Сам Степан Иванович ничего от домашних не утаивал – вся его жизнь была у них как на ладони, даже про шалости в холостяцкий период знали и за давностью не осуждали. Тайна появилась у Каныхина в минувшем году и была настолько сокровенной, что Степан Иванович боялся о ней проговориться даже во сне.

Все случилось душной летней порой в полночь. Не спалось, и Каныхин вышел на балкон, где дышалось легче. «Смолил» сигарету и слушал ночь, которая была тиха до звона в ушах. И в эту тишину вдруг ворвался низкий женский голос, выводящий грустную песню.

«Не полуночник, вроде меня, запел, радио включили, – определил Каныхин. – Классно поют, голос душевный, и слова от самого сердца…»

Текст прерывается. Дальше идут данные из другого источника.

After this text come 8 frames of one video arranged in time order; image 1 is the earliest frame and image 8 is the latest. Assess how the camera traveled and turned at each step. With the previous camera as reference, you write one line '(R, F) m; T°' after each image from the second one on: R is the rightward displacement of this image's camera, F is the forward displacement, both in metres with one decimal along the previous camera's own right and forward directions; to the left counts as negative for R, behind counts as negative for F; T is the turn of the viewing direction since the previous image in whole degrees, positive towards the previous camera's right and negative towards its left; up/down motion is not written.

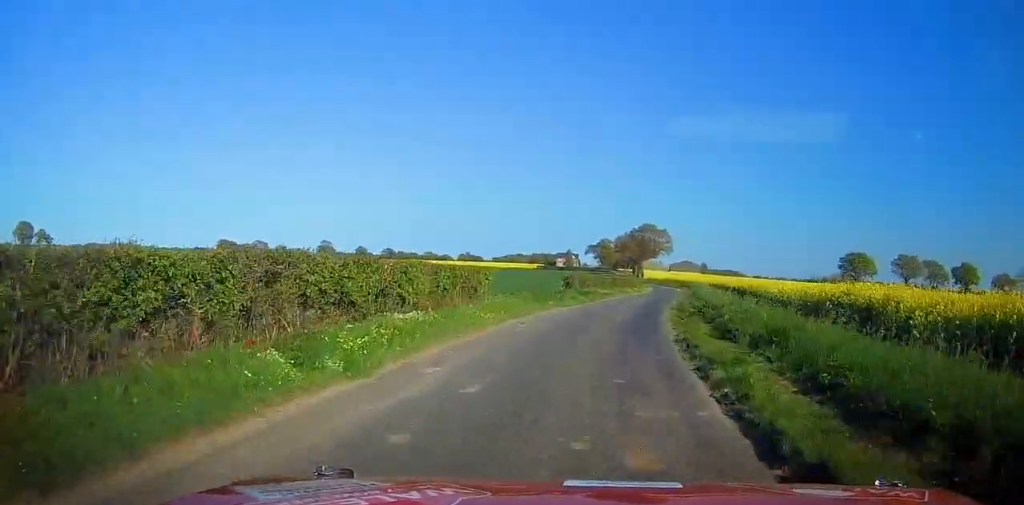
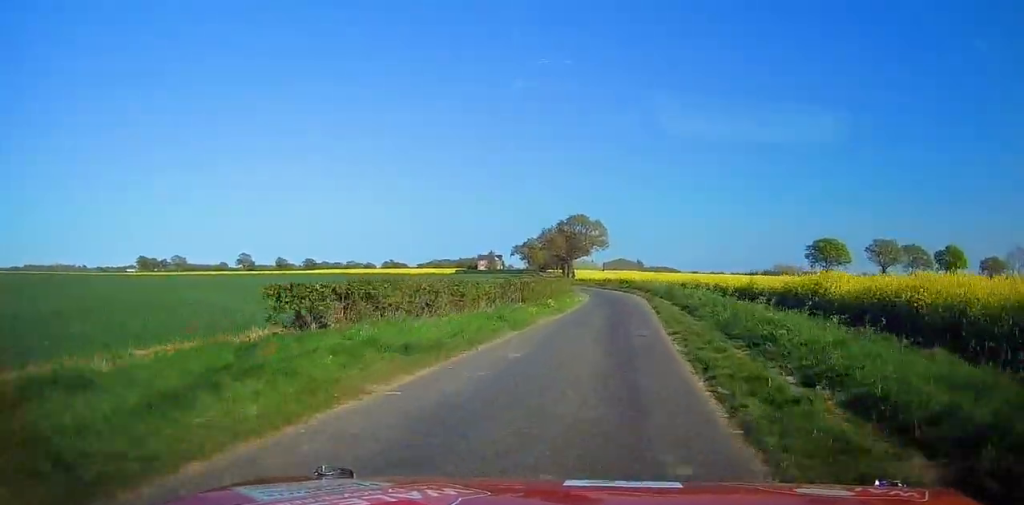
(+1.7, +27.6) m; +4°
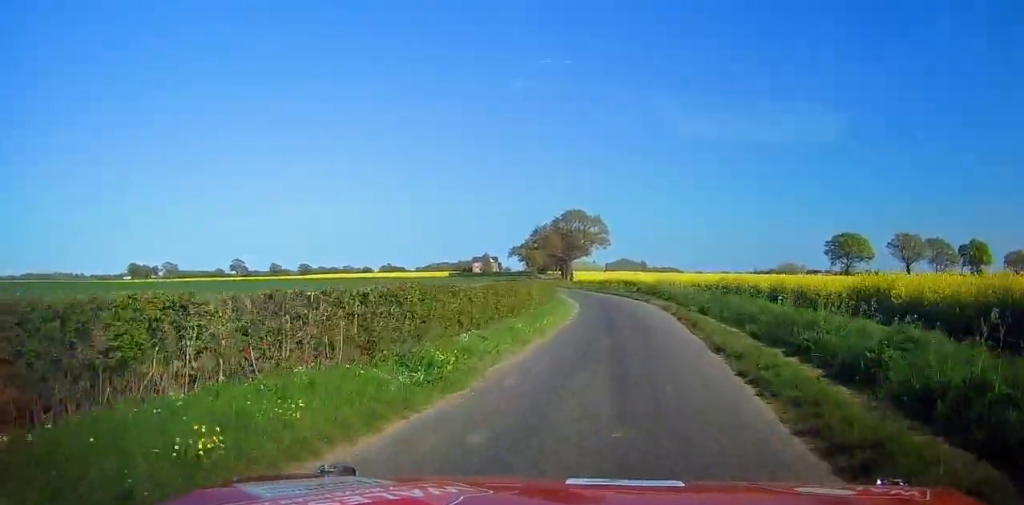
(+0.3, +15.2) m; 0°
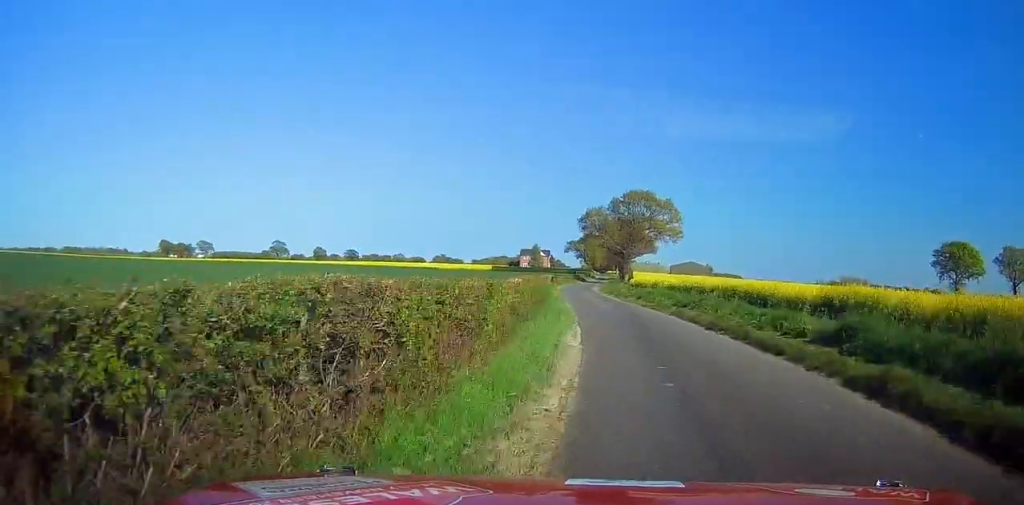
(-0.1, +31.9) m; -3°
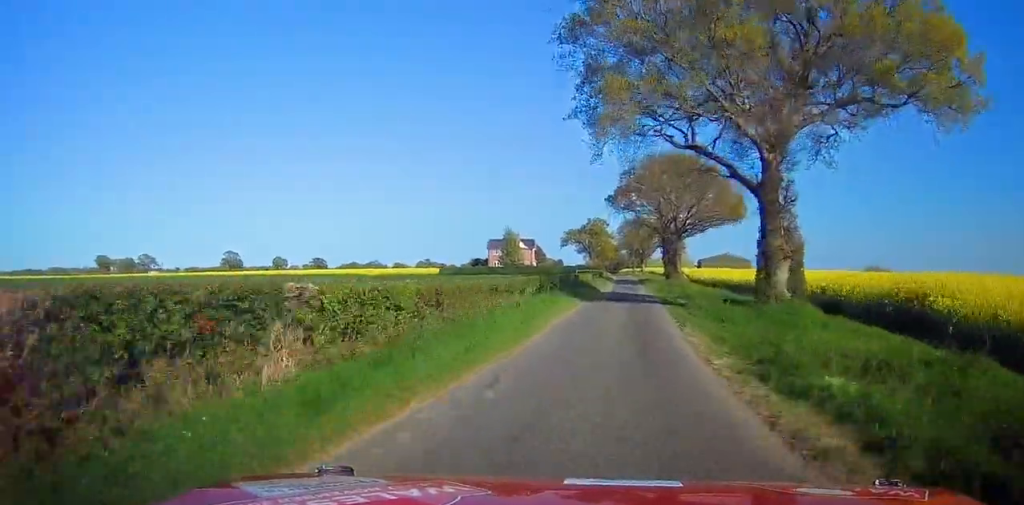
(-4.4, +82.3) m; -3°
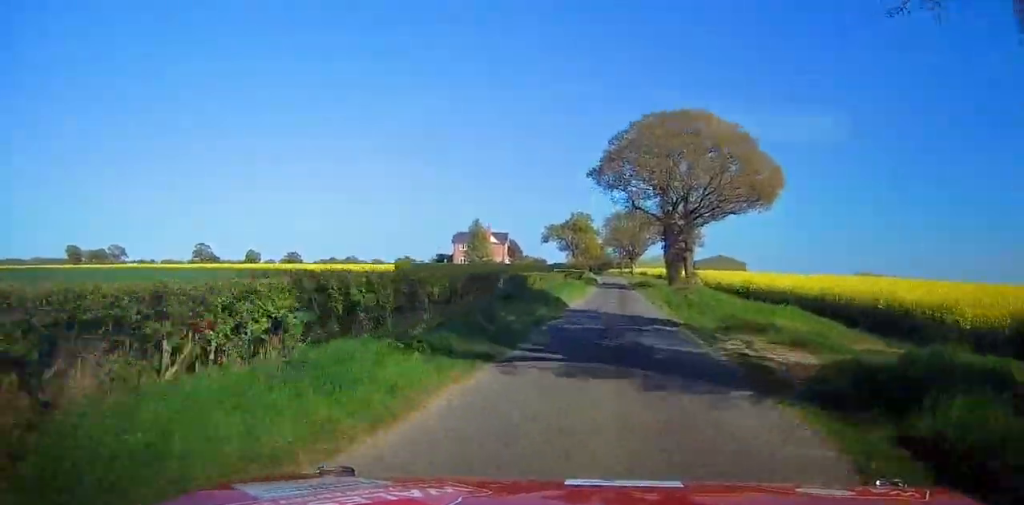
(+0.1, +19.2) m; +1°
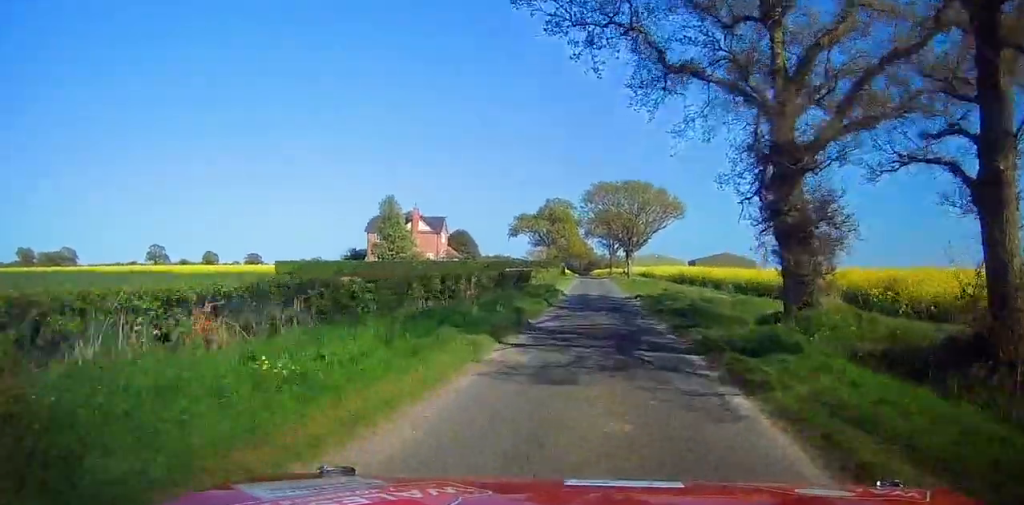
(+0.3, +38.6) m; +1°
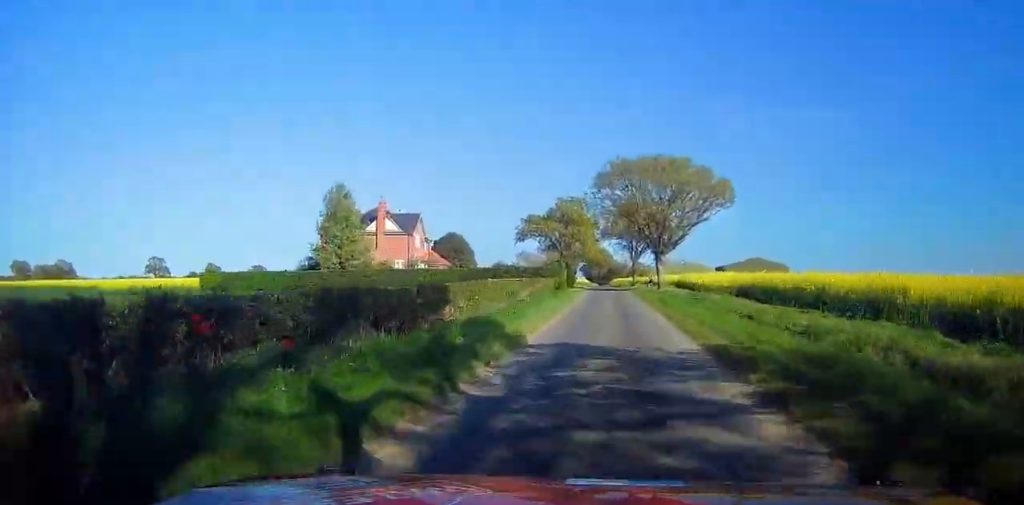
(+0.4, +19.4) m; 0°

Когда песня умолкла и строгий мужской голос стал зачитывать сводку погоды, Степан Иванович всмотрелся в звездное небо и повторил слова песни, которая запала в память, но на втором куплете споткнулся: «Как там дальше? – поскреб затылок и, сам того не ожидая – вот напасть-то! придумал продолжение: – Ишь ты, вроде песню новую сложил, точнее, чужую дополнил, и вышло сильно складно!»

От удовольствия зажмурился и увидел себя мальчишкой, каким был полвека назад – конопатым, с выпирающими ключицами и ссадинами на коленках, задиристым, неугомонным, а еще изрезанную бороздами пашню. «А борозды тянулись аж до горизонта – вроде как до самого неба, конца-края им не было. И облака над полем плыли белые, точно гуси. А по борозде текла заря…»

Борозды, до одури пахнущая мятой земля, облака-гуси, будто живая заря, – все собралось в узел, переплелось и стало песней: слова подобрались сами, крепко притерлись друг к другу.

«Ну и учудил! – крякнул Каныхин, удивившись цепкой памяти. – До мелочей все-все помню, что память сохранила, в новую песню вылилось! Записать надо, не то позабуду…»

Чтобы не скрипнули половицы, стараясь не разбудить сына с женой, постарался неслышно вернуться с балкона в квартиру. Взял карандаш, чистую тетрадку и стал писать: загрубевшие от работы у станка, отвыкшие от ручки и карандаша руки слушались плохо, отчего буквы вышли корявыми.

Следом за первым куплетом записал второй, а там и третий, отчего получилась целая песня, где говорилось о детстве, и уйти от воспоминаний было невозможно.